Applications of AI in the Automotive Industry
Self-driving cars have become a reality with the adoption of artificial intelligence (AI) technologies in the automotive market. Today, automakers use AI to increase manufacturing and supply chain efficiency and make driving safer and more comfortable.
Importance of Artificial Intelligence in the Automotive Industry
When used in manufacturing and production processes and within automobiles to provide in-car functions, AI technologies offer incredible potential. The automobile industry has six key AI applications, including
Designing and Production
Vehicle manufacturers may improve manufacturing processes, data categorization during risk and vehicle damage evaluation, and many other areas by using machine learning (ML) algorithms and AI-powered solutions. However, some automotive leaders regularly use AI and robotics tools based on NLP, conversational interfaces and computer vision in their manufacturing processes.
Car manufacturers can apply a variety of ML techniques and AI-powered predictive analytics. With technological support, they can assess component requirements and anticipate future demand variations within a reasonable time frame.
Quality Control (QC)
AI can help detect many technical flaws in real-time. An AI system may forewarn a user if a system or component needs repair or replacement depending on data received by sensors within the vehicle. In comparison, AI-powered QC systems detect potential flaws in components before their placement during the production process.
Vehicle manufacturers outfit their automobiles using a variety of AI-powered solutions to ensure the safety and comfort of all passengers while also improving the overall passenger experience. Most systems employ face detection and emotion detection algorithms to assess the states of the passengers and driver. In contrast, others employ NLP and generation technologies to allow passengers to enjoy music or movies and order services and goods while traveling.
Artificial intelligence (AI) has the potential to help improve the wholesome driving experience. For example, AI systems may guide motorists and protect their safety by providing weather and traffic updates, advising the most suitable routes and allowing them to pay for products and services while driving.
AI-powered systems can also assist with insurance claims like drivers can use AI features of the vehicle to collect accident data and fill out claims. Data analytics, NLP, speech recognition, and text processing and creation techniques are necessary for this AI-powered system.
Challenges of Implementing Artificial Intelligence in the Automotive Industry
While the competitive advantages of artificial intelligence in the automotive industry are plenty, there are some restrictions to its practical deployment. Let’s talk about the primary challenges with using artificial intelligence applications in the automotive industry.
Bias Artificial Intelligence
AI systems are prone to bias, so you should address the situation using efficient algorithms rather than an AI system. Ensure all algorithms responsible for safety-critical functions are thoroughly examined and tested. Algorithm correctness can be determined either manually or using sophisticated mathematical correctness assertions.
Collecting a huge dataset of high-quality, well-labeled, and recorded data is a substantial challenge. AI-powered solutions for smart vehicles must be accurate, rapid, and predictable to collect accurate real-time responses to various on-road situations. All data, regardless of sources, must be extensively reviewed and tested to ensure its quality and accuracy.

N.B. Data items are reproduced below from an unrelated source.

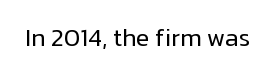
The image shows 25 px text type, upright; set normal letter spacing, not underlined.
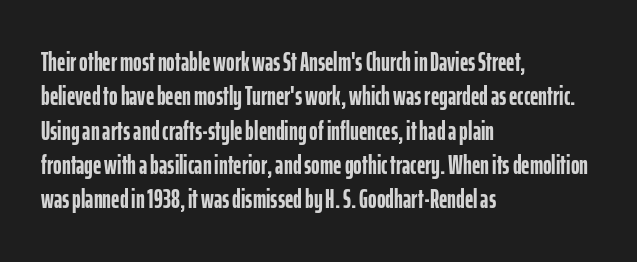
Words appear dense and cohesive because spacing is normal. Typeset ragged right — the left edge is the straight one. This sample keeps an unexceptional amount of space between lines. A clean baseline with only descenders dipping below it. Notice how thick the strokes are: this is what a full bold looks like. This is the regular roman posture of the typeface.
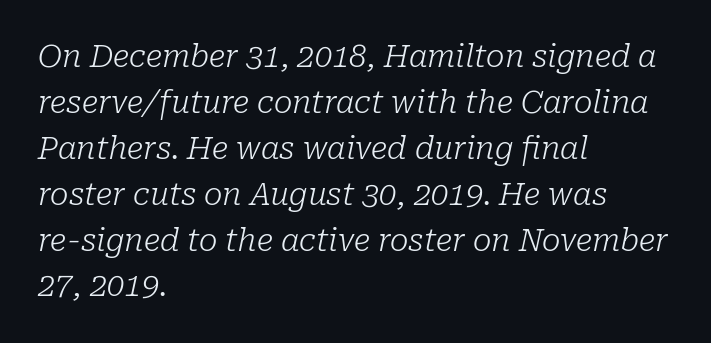
The rows are spaced the way most documents space them. Descenders hang freely into open space. Tall strokes in this sample are angled rather than plumb. Alignment: flush left.
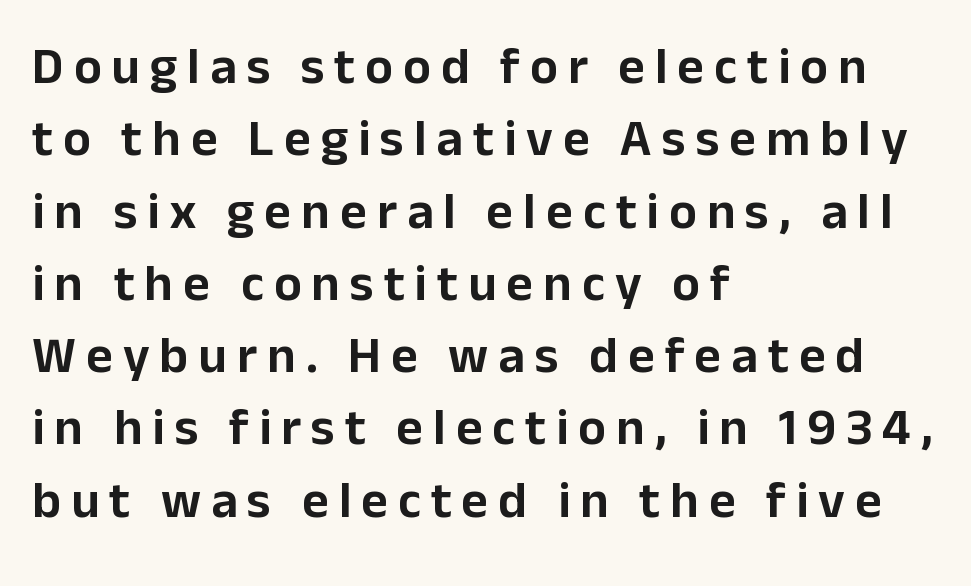
{"serif": "no", "italic": "no", "width": "normal", "stroke_contrast": "low", "x_height": "medium", "monospaced": "no", "underline": "no", "align": "left", "line_spacing": "normal", "line_spacing_ratio": 1.39, "glyph_px": 52}

Limitations of Sensors and Equipment
The technological capabilities of the sensors and data collection devices have a considerable impact on data quality. It is pointless to collect a large amount of relevant data if the data comes from the wrong sensor or equipment.
Explainable AI (XAI)
Explainable AI (XAI) solutions, rather than black boxes, are ideal for the automobile industry. Unlike AI-powered black-box models, XAI systems provide people with transparent and easy-to-grasp decisions. This helps AI engineers spot any systems faults quickly and make appropriate changes.
Non-Adherence with Laws and Regulations
Deep learning and AI applications in the automobile industry are progressing faster than adopting relevant rules and regulations. It leaves some legal loopholes in the development of AI-powered solutions for the automotive manufacturing industry. So, it would help to consider some factors during the software development process.
Using artificial intelligence in the automotive industry offers various advantages. But, despite the competitive advantage of artificial intelligence, its application in the automotive industry is fraught with challenges like algorithm biases and poor data quality. These must be considered while employing artificial intelligence applications in the automotive sector.